To understand how passing variables to functions works it helps to know a little about how objects are stored in the memory of your computer.
To make it simple, lets think of memory as many blocks which are next to each other. Each block has a number (the memory address). If you define a variable in your code, the value of the variable will be stored somewhere in the memory (your operating system will automatically decide where the best storage place is). The illustration below shows a part of some memory. The gray numbers on top of each block show the address of the block in memory, the colored numbers at the bottom show values which are stored in memory.
memory:
The variables myAge and month are defined in your code, and they will be stored in memory as shown in the illustration above. As example, the value of myAge
is stored at the address 106 and the value of month
is stored at the address 113.
Passing by value means that the value of the function parameter is copied into another location of your memory, and when accessing or modifying the variable within your function, only the copy is accessed/modified and the original value is left untouched. Passing by value is how your values are passed in R.
The following example shows a variable passed by value:
myAge <- 14
calculateBirthYear(myAge)
memory:
As soon as your software starts processing the calculateBirthYear function, the value myAge is copied to somewhere else in your computers memory. To make this more clear, the variable within the function is named age in this example.
function calculateBirthYear(age){
birthYear <- 2016-age
birthYear
}
Everything that is happening now with age does not affect the value of myAge (which is outside of calculateBirthYear‘s function scope) at all.
So how do you modify/update a variable outside of your function? When passing a variable by value, the only way to update the source variable is by using the returning value of the function.
A very simple example:
increaseAge <- function(age) age+1
myAge <- 14
myAge <- increaseAge(myAge)
myAge
## [1] 15
memory:
The variable myAge now holds the value 15
Passing by reference means that the memory address of the variable (a pointer to the memory location) is passed to the function. This is unlike passing by value, where the value of a variable is passed on. R and Python pass by Value. The programming language C can pass by value or by reference.
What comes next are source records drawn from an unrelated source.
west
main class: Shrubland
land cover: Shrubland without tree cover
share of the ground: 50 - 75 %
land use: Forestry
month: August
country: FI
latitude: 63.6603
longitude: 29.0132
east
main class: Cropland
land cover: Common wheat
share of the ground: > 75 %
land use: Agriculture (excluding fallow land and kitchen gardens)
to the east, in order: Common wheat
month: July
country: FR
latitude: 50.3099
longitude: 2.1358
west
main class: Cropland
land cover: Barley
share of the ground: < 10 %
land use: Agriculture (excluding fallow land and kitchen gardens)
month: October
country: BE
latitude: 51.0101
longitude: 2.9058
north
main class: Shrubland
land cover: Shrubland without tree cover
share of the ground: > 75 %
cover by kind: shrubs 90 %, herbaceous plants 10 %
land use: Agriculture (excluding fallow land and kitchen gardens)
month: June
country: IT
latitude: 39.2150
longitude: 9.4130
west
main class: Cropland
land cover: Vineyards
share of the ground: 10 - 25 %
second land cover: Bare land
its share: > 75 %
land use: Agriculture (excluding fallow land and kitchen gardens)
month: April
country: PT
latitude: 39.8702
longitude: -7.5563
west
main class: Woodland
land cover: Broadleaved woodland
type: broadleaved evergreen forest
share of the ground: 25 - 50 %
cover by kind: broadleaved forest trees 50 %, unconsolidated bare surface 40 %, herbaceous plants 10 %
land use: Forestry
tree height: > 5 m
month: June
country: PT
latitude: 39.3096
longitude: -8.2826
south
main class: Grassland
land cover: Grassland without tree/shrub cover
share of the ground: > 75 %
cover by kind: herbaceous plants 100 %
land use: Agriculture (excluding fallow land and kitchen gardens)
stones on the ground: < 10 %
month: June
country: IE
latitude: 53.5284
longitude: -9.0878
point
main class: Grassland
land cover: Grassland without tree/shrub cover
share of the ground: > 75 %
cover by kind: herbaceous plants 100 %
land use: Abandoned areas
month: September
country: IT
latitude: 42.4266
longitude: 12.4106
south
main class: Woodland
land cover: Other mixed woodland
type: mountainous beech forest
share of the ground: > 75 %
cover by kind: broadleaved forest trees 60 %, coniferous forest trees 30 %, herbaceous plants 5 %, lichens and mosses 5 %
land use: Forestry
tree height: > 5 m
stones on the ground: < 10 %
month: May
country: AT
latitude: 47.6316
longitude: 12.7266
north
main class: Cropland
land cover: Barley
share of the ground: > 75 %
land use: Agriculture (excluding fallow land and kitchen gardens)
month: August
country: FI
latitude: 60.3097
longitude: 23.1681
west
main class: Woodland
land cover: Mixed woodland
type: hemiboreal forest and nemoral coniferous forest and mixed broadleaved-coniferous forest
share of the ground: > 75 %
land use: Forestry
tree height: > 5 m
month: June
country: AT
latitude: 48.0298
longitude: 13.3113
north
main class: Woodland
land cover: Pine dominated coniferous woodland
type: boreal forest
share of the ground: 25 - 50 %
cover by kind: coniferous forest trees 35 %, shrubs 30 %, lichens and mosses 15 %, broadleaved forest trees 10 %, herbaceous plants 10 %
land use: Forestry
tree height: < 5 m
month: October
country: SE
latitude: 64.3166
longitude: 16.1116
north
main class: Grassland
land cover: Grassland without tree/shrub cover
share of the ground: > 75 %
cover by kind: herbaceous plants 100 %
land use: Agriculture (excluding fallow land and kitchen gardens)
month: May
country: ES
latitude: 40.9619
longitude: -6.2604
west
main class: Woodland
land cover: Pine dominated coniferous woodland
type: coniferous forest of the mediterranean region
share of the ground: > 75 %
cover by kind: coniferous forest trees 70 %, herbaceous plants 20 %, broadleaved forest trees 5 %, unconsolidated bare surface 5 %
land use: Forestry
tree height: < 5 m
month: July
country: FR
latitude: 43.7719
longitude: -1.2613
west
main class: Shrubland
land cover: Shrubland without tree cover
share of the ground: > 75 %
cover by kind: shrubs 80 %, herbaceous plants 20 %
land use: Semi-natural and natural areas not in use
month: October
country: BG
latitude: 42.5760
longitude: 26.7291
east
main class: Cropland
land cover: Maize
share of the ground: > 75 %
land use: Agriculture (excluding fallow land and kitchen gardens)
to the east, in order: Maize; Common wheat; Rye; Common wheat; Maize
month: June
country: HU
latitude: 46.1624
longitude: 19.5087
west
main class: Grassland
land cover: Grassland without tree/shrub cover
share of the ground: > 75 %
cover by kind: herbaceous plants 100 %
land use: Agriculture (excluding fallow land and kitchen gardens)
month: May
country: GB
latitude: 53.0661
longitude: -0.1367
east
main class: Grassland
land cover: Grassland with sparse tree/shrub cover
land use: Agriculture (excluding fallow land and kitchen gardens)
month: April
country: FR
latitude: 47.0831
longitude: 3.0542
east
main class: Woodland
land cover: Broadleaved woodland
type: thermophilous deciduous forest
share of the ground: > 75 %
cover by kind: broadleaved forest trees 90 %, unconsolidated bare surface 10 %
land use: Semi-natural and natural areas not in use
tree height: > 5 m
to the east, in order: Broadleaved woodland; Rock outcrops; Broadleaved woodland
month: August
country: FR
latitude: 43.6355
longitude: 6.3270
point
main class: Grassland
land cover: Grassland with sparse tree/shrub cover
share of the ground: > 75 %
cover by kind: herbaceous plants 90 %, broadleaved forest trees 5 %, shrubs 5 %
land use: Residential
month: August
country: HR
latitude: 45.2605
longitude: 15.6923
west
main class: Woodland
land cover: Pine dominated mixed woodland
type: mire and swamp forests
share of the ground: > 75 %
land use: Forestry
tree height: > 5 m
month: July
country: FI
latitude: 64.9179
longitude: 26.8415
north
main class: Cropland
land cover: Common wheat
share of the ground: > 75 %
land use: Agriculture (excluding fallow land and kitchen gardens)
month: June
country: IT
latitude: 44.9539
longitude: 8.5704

Discuss with your neighbor how to modify the code below so that the variable a is updated outside the function (.i.e. a outputs 15 not 5)
triple <- function(x) {
x <- 3*x
x
}
a <- 5
triple(a)
## [1] 15
a
## [1] 5
math_magic <- function(a,b=1){
if(b==0){
return(0)
}
a*b +a/b
}
math_magic(4,0)
## [1] 0
increment <- function(x, inc=1) {
x <- x+inc
x
}
count <- 5
count <- increment(count,2)
count
## [1] 7